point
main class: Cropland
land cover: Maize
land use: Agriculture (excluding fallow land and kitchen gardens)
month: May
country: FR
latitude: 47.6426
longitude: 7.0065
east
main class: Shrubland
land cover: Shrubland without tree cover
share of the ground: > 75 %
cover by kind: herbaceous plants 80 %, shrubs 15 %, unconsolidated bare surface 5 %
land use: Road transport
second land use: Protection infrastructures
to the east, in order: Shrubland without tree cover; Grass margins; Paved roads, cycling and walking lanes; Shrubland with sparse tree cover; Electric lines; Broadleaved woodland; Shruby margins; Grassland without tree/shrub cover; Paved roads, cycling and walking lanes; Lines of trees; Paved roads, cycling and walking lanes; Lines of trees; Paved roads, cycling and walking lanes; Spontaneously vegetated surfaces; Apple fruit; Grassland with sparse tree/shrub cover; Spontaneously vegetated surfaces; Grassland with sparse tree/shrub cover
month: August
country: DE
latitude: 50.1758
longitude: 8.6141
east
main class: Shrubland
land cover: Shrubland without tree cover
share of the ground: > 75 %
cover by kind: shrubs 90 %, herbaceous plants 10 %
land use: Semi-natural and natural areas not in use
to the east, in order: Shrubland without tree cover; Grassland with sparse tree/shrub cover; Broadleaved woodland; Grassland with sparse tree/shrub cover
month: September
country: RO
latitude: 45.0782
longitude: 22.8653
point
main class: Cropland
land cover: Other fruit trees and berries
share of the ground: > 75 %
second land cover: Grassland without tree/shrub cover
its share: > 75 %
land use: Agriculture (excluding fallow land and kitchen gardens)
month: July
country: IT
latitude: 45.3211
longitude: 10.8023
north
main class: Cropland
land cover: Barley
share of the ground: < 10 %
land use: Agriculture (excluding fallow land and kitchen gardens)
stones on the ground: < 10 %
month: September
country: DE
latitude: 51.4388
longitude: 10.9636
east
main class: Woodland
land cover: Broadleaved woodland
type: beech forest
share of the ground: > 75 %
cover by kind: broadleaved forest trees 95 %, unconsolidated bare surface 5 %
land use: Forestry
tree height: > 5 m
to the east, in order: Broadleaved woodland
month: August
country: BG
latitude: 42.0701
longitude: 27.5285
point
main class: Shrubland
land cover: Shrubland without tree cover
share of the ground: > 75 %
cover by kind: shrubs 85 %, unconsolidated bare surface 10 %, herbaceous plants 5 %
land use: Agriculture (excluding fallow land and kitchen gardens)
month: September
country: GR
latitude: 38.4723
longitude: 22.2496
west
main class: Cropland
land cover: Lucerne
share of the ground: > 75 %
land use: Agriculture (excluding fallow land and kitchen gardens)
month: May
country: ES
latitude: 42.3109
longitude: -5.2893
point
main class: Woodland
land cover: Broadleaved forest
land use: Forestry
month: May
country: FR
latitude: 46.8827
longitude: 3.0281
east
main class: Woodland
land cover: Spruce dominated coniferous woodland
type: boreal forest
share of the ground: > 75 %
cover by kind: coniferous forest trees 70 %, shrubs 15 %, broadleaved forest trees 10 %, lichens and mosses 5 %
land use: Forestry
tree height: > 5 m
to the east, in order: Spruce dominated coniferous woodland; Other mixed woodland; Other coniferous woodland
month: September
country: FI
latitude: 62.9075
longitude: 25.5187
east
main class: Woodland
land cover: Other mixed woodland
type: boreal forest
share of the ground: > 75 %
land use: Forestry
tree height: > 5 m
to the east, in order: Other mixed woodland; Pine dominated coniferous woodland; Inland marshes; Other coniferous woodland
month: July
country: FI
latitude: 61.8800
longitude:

______________________________

Task description
Every piece of the data is to be set down again exactly.

Answer area
point
main class: Cropland
land cover: Maize
land use: Agriculture (excluding fallow land and kitchen gardens)
month: May
country: FR
latitude: 47.6426
longitude: 7.0065
east
main class: Shrubland
land cover: Shrubland without tree cover
share of the ground: > 75 %
cover by kind: herbaceous plants 80 %, shrubs 15 %, unconsolidated bare surface 5 %
land use: Road transport
second land use: Protection infrastructures
to the east, in order: Shrubland without tree cover; Grass margins; Paved roads, cycling and walking lanes; Shrubland with sparse tree cover; Electric lines; Broadleaved woodland; Shruby margins; Grassland without tree/shrub cover; Paved roads, cycling and walking lanes; Lines of trees; Paved roads, cycling and walking lanes; Lines of trees; Paved roads, cycling and walking lanes; Spontaneously vegetated surfaces; Apple fruit; Grassland with sparse tree/shrub cover; Spontaneously vegetated surfaces; Grassland with sparse tree/shrub cover
month: August
country: DE
latitude: 50.1758
longitude: 8.6141
east
main class: Shrubland
land cover: Shrubland without tree cover
share of the ground: > 75 %
cover by kind: shrubs 90 %, herbaceous plants 10 %
land use: Semi-natural and natural areas not in use
to the east, in order: Shrubland without tree cover; Grassland with sparse tree/shrub cover; Broadleaved woodland; Grassland with sparse tree/shrub cover
month: September
country: RO
latitude: 45.0782
longitude: 22.8653
point
main class: Cropland
land cover: Other fruit trees and berries
share of the ground: > 75 %
second land cover: Grassland without tree/shrub cover
its share: > 75 %
land use: Agriculture (excluding fallow land and kitchen gardens)
month: July
country: IT
latitude: 45.3211
longitude: 10.8023
north
main class: Cropland
land cover: Barley
share of the ground: < 10 %
land use: Agriculture (excluding fallow land and kitchen gardens)
stones on the ground: < 10 %
month: September
country: DE
latitude: 51.4388
longitude: 10.9636
east
main class: Woodland
land cover: Broadleaved woodland
type: beech forest
share of the ground: > 75 %
cover by kind: broadleaved forest trees 95 %, unconsolidated bare surface 5 %
land use: Forestry
tree height: > 5 m
to the east, in order: Broadleaved woodland
month: August
country: BG
latitude: 42.0701
longitude: 27.5285
point
main class: Shrubland
land cover: Shrubland without tree cover
share of the ground: > 75 %
cover by kind: shrubs 85 %, unconsolidated bare surface 10 %, herbaceous plants 5 %
land use: Agriculture (excluding fallow land and kitchen gardens)
month: September
country: GR
latitude: 38.4723
longitude: 22.2496
west
main class: Cropland
land cover: Lucerne
share of the ground: > 75 %
land use: Agriculture (excluding fallow land and kitchen gardens)
month: May
country: ES
latitude: 42.3109
longitude: -5.2893
point
main class: Woodland
land cover: Broadleaved forest
land use: Forestry
month: May
country: FR
latitude: 46.8827
longitude: 3.0281
east
main class: Woodland
land cover: Spruce dominated coniferous woodland
type: boreal forest
share of the ground: > 75 %
cover by kind: coniferous forest trees 70 %, shrubs 15 %, broadleaved forest trees 10 %, lichens and mosses 5 %
land use: Forestry
tree height: > 5 m
to the east, in order: Spruce dominated coniferous woodland; Other mixed woodland; Other coniferous woodland
month: September
country: FI
latitude: 62.9075
longitude: 25.5187
east
main class: Woodland
land cover: Other mixed woodland
type: boreal forest
share of the ground: > 75 %
land use: Forestry
tree height: > 5 m
to the east, in order: Other mixed woodland; Pine dominated coniferous woodland; Inland marshes; Other coniferous woodland
month: July
country: FI
latitude: 61.8800
longitude:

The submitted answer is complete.